------ Input material ------

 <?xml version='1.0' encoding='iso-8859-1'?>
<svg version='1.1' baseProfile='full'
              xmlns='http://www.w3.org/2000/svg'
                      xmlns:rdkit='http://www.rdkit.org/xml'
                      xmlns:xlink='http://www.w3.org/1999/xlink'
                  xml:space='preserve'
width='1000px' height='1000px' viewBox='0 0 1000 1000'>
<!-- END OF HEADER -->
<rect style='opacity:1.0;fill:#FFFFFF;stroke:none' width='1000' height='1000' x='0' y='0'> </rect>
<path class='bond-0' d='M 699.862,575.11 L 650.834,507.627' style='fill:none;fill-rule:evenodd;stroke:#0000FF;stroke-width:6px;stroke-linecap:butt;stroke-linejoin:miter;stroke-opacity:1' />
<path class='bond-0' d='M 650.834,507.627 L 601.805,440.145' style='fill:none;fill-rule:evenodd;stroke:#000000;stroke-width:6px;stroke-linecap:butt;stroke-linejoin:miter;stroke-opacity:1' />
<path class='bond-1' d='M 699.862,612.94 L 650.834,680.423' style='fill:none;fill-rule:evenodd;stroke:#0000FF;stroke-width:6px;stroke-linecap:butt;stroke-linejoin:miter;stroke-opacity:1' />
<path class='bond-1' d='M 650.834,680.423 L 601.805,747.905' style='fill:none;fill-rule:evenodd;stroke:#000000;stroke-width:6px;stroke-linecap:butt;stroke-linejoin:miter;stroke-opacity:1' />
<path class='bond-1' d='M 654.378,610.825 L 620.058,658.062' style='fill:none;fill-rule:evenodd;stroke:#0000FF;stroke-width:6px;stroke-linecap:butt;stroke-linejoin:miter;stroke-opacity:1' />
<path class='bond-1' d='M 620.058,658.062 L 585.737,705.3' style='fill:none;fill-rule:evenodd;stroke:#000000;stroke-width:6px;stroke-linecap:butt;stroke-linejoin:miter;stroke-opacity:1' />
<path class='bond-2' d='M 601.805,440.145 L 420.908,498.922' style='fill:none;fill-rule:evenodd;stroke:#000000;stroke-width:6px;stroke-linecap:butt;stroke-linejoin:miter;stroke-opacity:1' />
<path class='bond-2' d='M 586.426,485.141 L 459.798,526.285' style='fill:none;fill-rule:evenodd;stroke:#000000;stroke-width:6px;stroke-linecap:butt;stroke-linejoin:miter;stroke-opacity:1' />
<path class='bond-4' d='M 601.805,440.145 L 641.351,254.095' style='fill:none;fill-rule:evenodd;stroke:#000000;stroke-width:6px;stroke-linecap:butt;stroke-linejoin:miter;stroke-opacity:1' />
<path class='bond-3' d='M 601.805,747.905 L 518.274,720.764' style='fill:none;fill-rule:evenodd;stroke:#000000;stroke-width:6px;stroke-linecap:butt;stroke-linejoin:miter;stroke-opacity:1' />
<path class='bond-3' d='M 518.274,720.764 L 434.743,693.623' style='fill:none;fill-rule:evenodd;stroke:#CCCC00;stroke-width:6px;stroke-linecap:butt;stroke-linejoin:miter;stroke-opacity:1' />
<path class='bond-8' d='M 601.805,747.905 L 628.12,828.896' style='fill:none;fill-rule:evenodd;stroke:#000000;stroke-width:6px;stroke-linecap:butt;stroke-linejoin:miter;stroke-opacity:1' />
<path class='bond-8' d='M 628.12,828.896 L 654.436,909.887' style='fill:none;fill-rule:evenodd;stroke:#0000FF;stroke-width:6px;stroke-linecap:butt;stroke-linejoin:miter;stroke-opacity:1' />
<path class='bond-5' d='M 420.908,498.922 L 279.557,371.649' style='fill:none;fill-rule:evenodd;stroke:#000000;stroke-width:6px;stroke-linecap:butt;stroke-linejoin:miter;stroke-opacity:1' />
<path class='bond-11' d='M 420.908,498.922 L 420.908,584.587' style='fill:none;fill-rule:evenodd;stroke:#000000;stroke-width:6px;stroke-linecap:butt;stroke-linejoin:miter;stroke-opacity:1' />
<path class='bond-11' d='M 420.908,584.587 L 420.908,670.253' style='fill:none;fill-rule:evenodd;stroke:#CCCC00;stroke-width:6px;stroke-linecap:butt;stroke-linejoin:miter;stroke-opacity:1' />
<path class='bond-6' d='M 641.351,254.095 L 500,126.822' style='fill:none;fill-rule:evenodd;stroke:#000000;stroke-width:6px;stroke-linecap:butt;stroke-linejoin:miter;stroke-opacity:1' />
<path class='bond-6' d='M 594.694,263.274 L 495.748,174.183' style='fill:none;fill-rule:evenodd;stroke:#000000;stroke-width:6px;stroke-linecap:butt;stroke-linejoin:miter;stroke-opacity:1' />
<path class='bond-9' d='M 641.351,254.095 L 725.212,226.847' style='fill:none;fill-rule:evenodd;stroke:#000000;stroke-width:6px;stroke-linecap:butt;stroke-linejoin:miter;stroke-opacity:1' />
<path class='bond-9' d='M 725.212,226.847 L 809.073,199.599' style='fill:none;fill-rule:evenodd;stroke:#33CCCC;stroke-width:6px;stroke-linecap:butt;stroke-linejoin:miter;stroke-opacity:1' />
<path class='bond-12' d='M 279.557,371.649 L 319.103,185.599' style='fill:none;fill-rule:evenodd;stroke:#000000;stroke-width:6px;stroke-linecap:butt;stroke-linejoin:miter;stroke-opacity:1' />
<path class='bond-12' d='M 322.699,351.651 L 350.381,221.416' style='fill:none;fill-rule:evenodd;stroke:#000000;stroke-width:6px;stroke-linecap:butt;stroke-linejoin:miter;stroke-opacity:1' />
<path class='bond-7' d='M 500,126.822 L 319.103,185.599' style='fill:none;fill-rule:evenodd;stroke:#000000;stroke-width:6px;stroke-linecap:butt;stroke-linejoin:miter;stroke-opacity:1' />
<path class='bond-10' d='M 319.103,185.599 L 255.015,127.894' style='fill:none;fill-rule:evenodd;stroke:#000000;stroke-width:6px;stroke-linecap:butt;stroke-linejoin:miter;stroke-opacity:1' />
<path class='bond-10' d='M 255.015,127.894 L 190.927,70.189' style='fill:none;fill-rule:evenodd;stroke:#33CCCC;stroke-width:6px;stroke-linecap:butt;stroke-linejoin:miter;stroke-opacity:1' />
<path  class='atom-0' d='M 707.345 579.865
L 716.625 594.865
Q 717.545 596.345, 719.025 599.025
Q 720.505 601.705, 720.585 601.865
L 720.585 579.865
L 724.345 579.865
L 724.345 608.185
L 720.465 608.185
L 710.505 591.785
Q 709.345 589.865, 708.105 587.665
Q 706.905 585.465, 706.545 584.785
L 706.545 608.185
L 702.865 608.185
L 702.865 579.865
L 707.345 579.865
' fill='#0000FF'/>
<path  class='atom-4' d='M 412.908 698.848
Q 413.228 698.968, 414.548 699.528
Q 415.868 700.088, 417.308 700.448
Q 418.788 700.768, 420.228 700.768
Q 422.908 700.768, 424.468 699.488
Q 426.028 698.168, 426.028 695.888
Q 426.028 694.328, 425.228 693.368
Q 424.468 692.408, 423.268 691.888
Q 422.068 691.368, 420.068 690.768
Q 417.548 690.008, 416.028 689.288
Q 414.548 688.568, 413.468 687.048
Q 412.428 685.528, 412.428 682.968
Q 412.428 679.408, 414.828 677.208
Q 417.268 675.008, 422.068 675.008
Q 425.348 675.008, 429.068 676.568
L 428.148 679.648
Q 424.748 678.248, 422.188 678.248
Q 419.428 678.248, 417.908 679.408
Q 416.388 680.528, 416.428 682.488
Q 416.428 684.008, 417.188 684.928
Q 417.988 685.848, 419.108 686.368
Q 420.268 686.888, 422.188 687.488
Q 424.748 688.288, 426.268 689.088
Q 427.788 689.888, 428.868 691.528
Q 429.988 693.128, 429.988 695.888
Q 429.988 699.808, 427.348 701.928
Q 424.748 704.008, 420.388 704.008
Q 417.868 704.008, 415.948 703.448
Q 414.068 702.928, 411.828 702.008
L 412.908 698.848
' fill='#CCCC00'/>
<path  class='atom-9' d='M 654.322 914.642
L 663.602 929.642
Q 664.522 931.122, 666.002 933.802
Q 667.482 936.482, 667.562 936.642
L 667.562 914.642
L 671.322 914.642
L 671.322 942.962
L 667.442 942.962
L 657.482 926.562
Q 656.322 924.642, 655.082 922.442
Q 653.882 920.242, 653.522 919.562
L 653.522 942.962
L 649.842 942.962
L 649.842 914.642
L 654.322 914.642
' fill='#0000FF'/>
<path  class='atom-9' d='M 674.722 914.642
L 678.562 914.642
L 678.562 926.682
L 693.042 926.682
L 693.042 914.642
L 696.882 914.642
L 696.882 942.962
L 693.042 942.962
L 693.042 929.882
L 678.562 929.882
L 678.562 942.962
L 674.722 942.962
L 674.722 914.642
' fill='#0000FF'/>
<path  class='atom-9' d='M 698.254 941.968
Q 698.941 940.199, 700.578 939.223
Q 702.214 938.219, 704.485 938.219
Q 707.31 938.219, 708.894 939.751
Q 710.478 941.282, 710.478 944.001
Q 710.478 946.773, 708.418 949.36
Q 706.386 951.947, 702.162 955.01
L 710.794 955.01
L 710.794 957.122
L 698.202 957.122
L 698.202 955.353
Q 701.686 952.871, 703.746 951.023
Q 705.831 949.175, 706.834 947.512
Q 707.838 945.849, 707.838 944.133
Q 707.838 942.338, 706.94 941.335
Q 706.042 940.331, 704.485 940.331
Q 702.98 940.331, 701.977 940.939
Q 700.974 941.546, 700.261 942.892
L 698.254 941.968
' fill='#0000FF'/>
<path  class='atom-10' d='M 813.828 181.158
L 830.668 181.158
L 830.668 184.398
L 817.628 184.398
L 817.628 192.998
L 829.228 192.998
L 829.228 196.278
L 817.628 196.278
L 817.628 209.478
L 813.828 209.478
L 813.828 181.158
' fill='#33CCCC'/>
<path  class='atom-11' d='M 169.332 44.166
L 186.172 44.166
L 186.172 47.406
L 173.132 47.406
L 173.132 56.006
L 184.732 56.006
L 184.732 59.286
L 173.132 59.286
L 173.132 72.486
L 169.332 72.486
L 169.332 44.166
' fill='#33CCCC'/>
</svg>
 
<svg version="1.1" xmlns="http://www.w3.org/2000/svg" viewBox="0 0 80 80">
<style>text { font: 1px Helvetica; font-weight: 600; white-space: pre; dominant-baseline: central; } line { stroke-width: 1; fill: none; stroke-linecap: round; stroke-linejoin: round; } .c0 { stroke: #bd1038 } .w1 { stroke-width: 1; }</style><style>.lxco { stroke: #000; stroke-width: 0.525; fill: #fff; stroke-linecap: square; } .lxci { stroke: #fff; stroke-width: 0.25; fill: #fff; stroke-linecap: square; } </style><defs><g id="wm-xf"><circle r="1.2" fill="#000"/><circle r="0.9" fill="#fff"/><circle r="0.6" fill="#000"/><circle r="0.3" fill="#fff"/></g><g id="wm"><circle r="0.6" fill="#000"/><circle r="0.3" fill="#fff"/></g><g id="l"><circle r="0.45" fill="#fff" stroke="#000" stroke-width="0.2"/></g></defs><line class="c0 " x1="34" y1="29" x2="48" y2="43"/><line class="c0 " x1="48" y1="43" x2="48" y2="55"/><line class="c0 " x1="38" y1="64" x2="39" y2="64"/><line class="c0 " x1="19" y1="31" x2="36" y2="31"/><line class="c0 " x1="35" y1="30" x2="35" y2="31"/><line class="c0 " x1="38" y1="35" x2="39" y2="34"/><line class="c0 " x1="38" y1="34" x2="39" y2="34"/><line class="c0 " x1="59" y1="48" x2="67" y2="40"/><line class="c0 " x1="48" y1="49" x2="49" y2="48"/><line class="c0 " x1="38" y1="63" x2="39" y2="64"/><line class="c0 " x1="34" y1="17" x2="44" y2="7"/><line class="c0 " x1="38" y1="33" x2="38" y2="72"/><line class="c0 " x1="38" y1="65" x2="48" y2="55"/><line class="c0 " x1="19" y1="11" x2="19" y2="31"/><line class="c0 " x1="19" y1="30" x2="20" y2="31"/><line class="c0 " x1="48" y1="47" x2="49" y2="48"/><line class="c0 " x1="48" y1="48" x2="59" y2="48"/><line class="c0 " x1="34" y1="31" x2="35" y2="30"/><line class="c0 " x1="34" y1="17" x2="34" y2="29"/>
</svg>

------

Pull every line containing "http" out of the records.

Exercise answer >>
              xmlns='http://www.w3.org/2000/svg'
                      xmlns:rdkit='http://www.rdkit.org/xml'
                      xmlns:xlink='http://www.w3.org/1999/xlink'
<svg version="1.1" xmlns="http://www.w3.org/2000/svg" viewBox="0 0 80 80">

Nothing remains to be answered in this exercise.